Pictures stay out; everything else in the records below gets copied exactly.

---+---

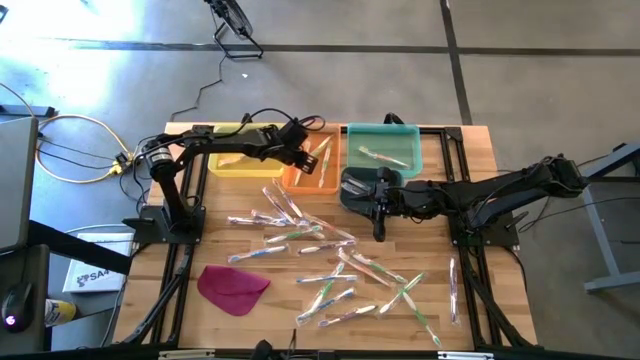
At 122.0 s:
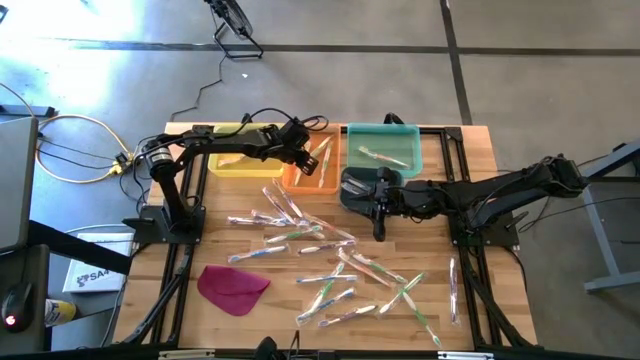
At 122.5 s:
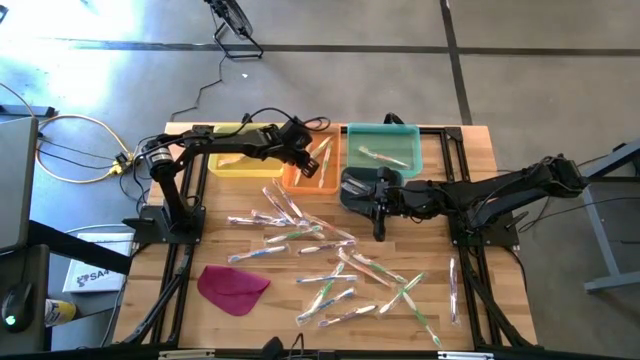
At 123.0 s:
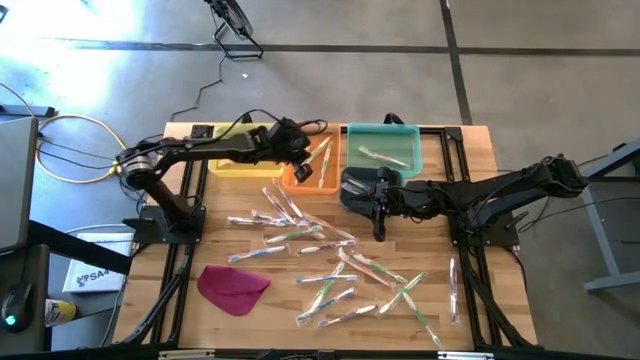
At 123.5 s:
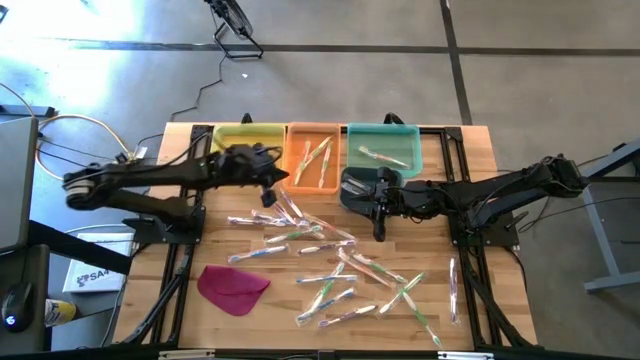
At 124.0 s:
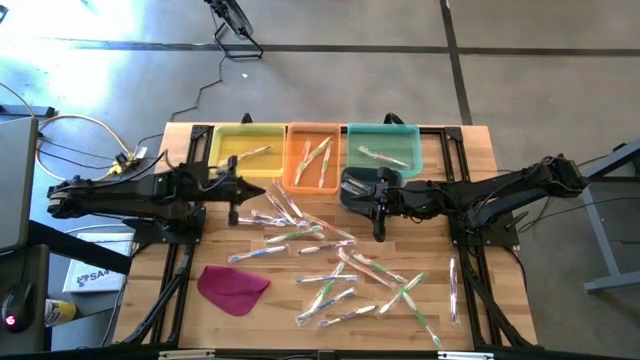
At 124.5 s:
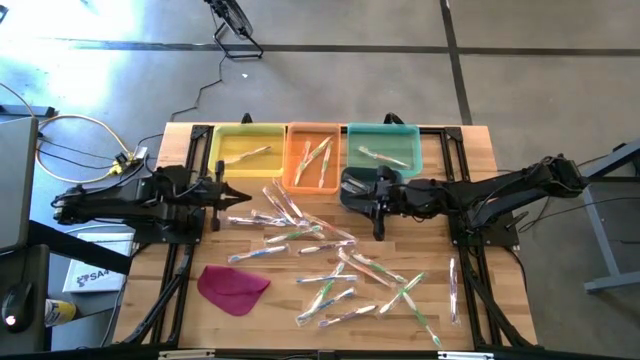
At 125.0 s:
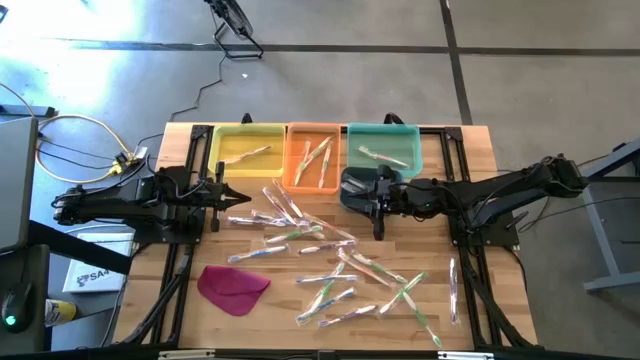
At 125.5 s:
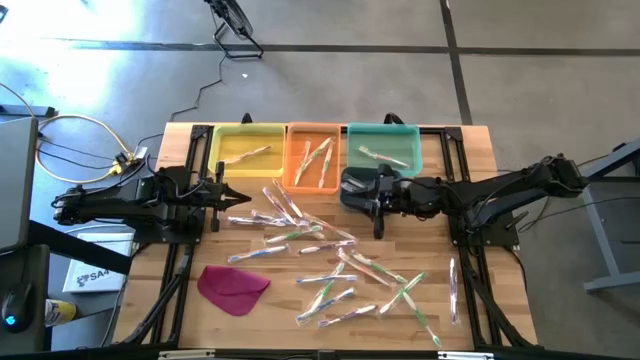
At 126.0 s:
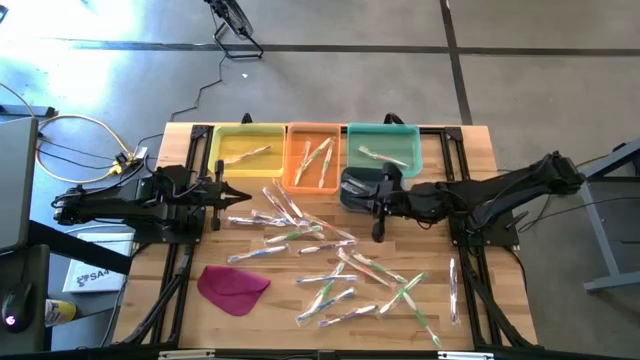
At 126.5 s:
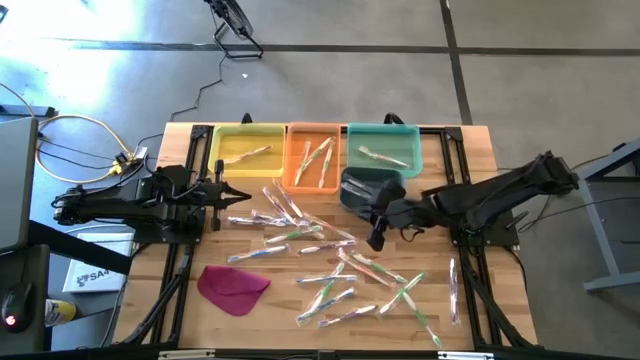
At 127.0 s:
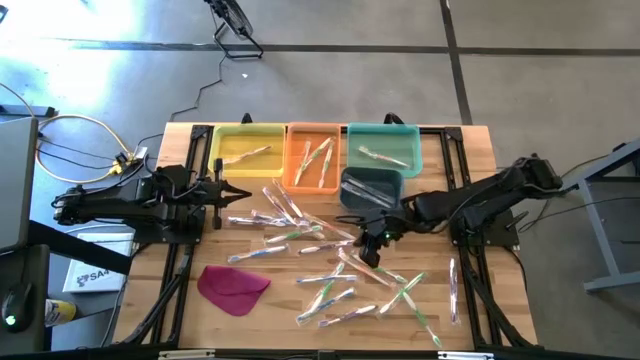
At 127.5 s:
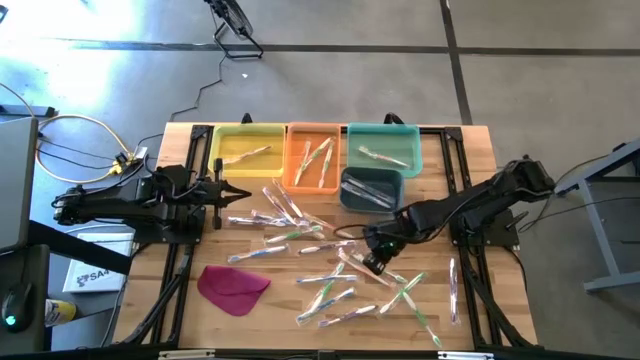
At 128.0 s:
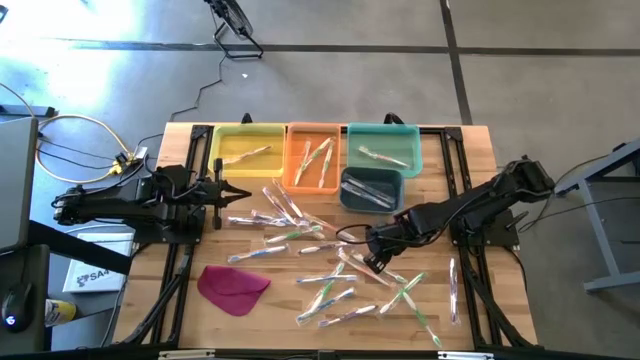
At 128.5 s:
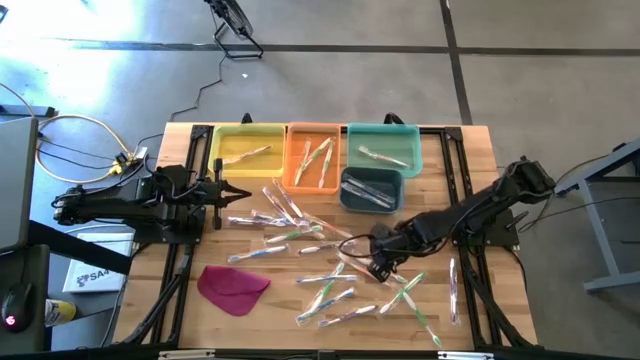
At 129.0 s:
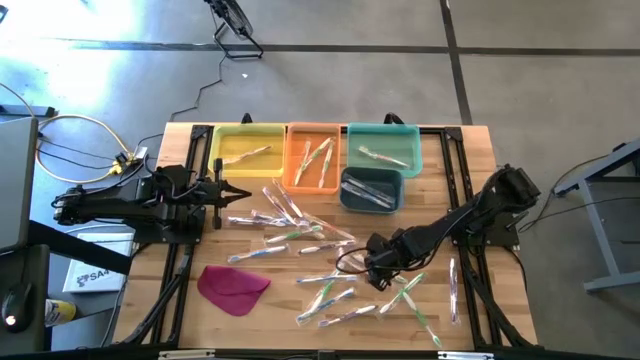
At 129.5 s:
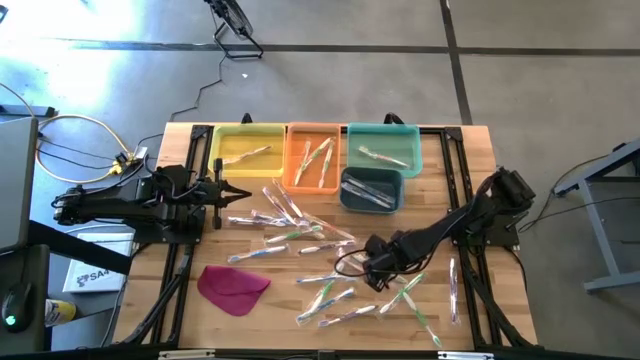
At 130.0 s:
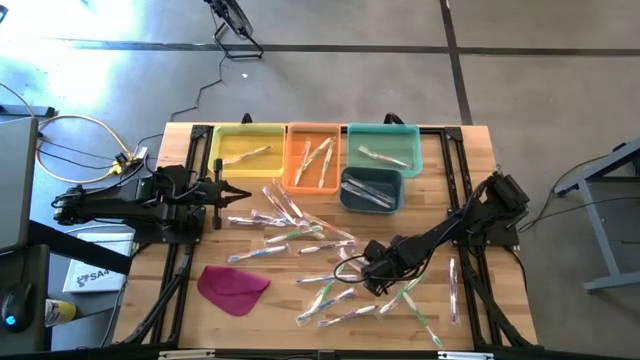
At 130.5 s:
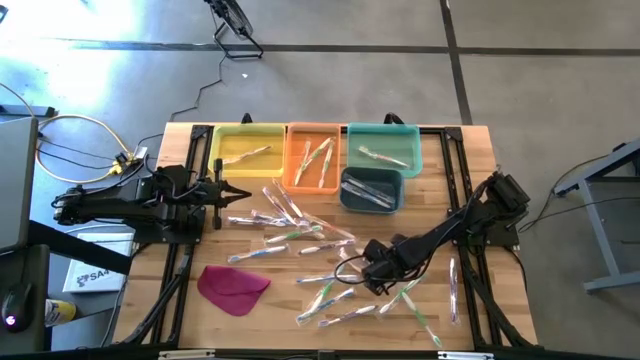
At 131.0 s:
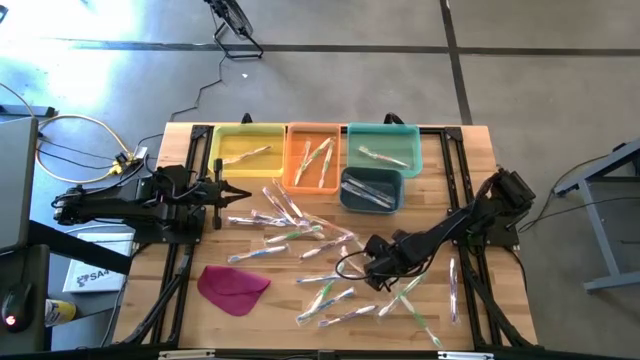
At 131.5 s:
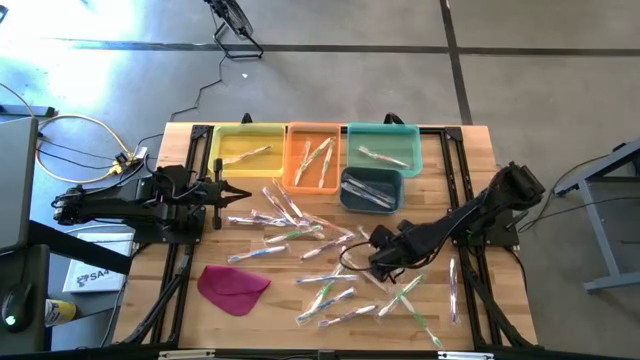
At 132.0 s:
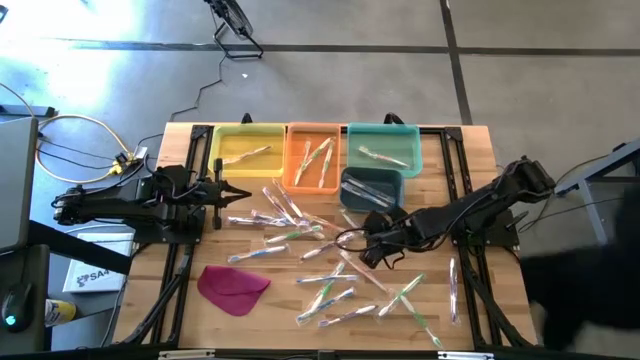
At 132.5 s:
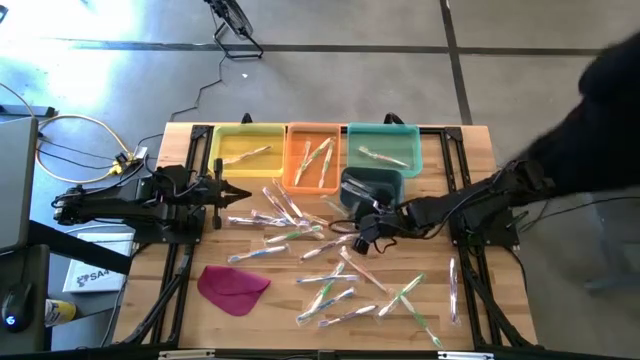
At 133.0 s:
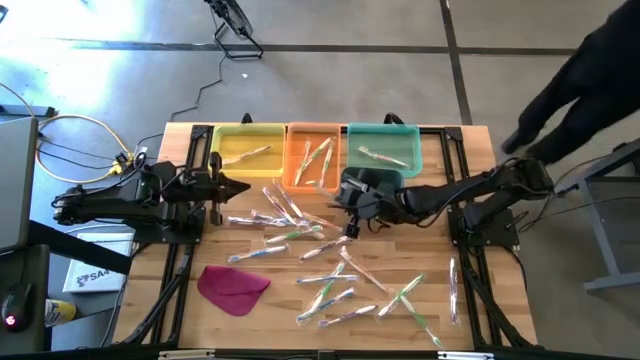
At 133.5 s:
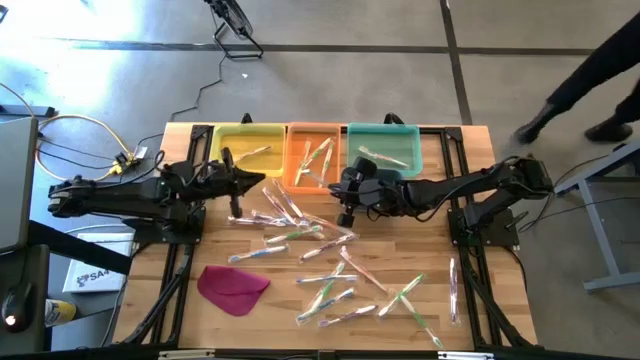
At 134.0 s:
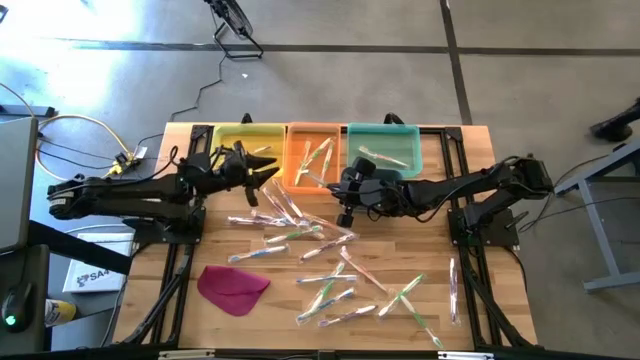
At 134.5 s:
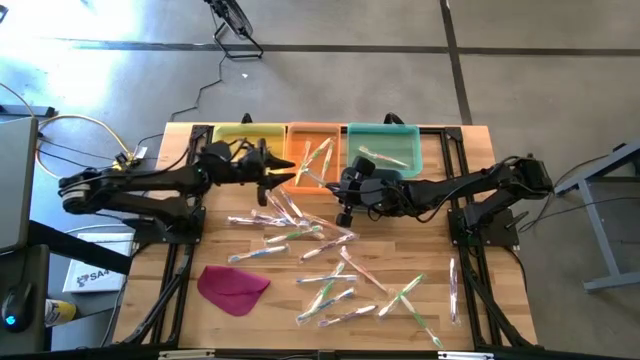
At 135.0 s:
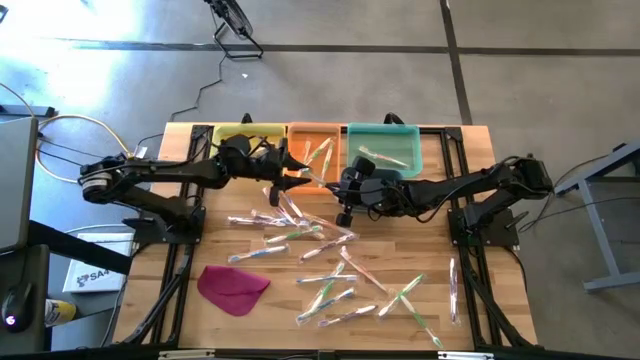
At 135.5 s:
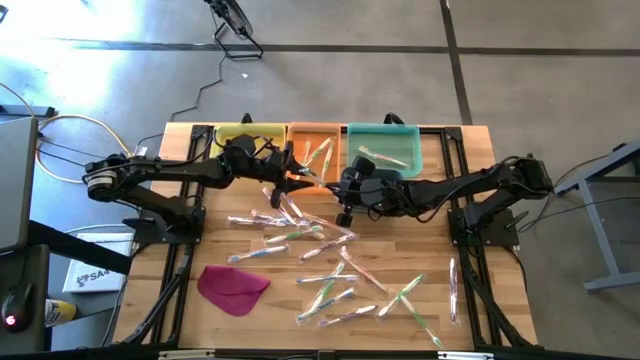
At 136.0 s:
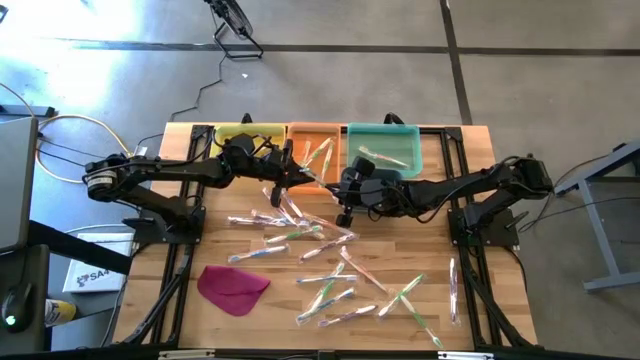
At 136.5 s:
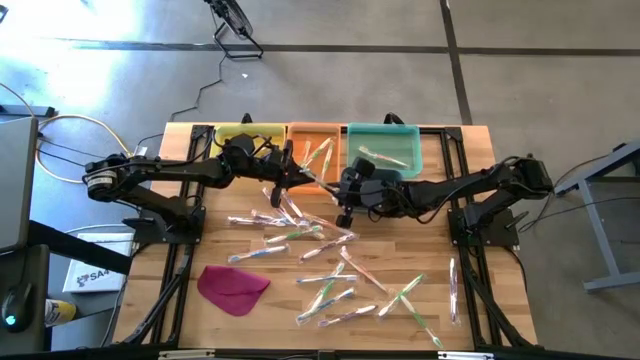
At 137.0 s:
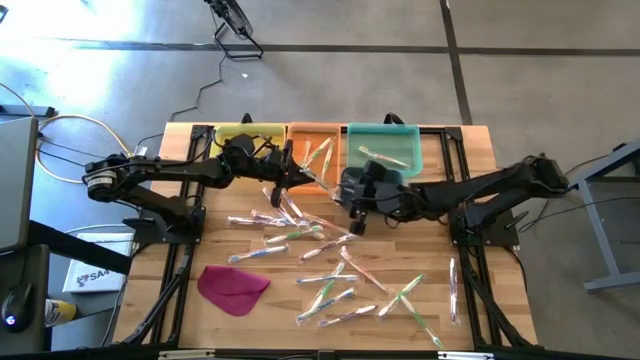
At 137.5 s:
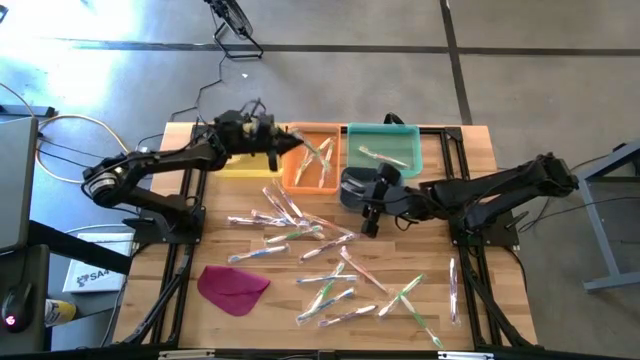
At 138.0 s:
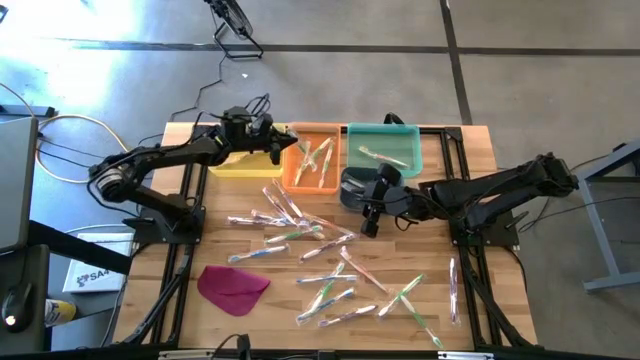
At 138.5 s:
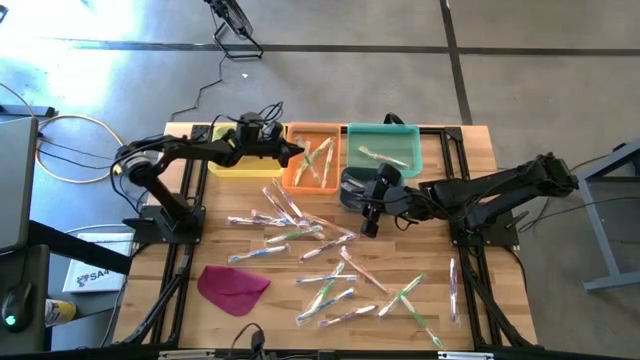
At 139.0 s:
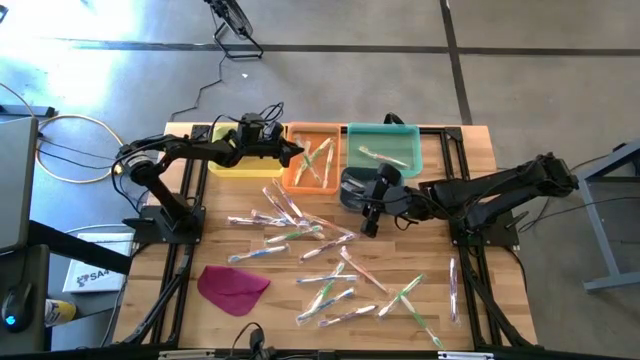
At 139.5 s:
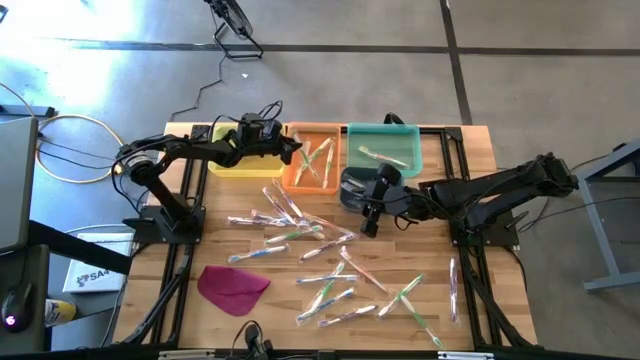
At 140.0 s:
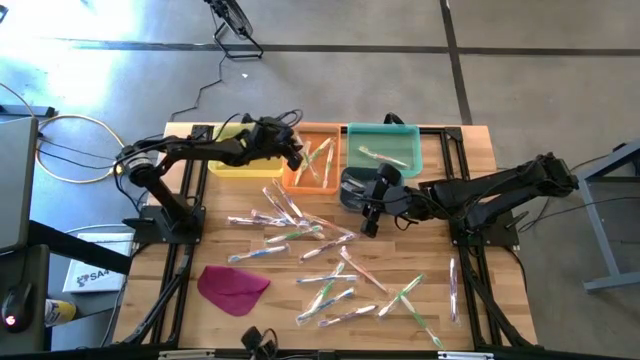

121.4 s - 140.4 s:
Task: Pick & Place Toothbrushes
Put the green toothbrush into the orange bin

---+---

▶ _Exercise output_
At 122.0 s:
At 122.5 s:
At 123.0 s:
At 123.5 s:
At 124.0 s:
At 124.5 s:
At 125.0 s:
At 125.5 s:
At 126.0 s:
At 126.5 s:
At 127.0 s:
At 127.5 s:
At 128.0 s:
At 128.5 s:
At 129.0 s:
At 129.5 s:
At 130.0 s:
At 130.5 s:
At 131.0 s:
At 131.5 s:
At 132.0 s:
At 132.5 s:
At 133.0 s:
At 133.5 s:
At 134.0 s:
At 134.5 s:
At 135.0 s:
At 135.5 s:
At 136.0 s:
At 136.5 s:
At 137.0 s:
At 137.5 s:
At 138.0 s:
At 138.5 s:
At 139.0 s:
At 139.5 s:
At 140.0 s:

121.4 s - 140.4 s:
Task: Pick & Place Toothbrushes
Put the green toothbrush into the orange bin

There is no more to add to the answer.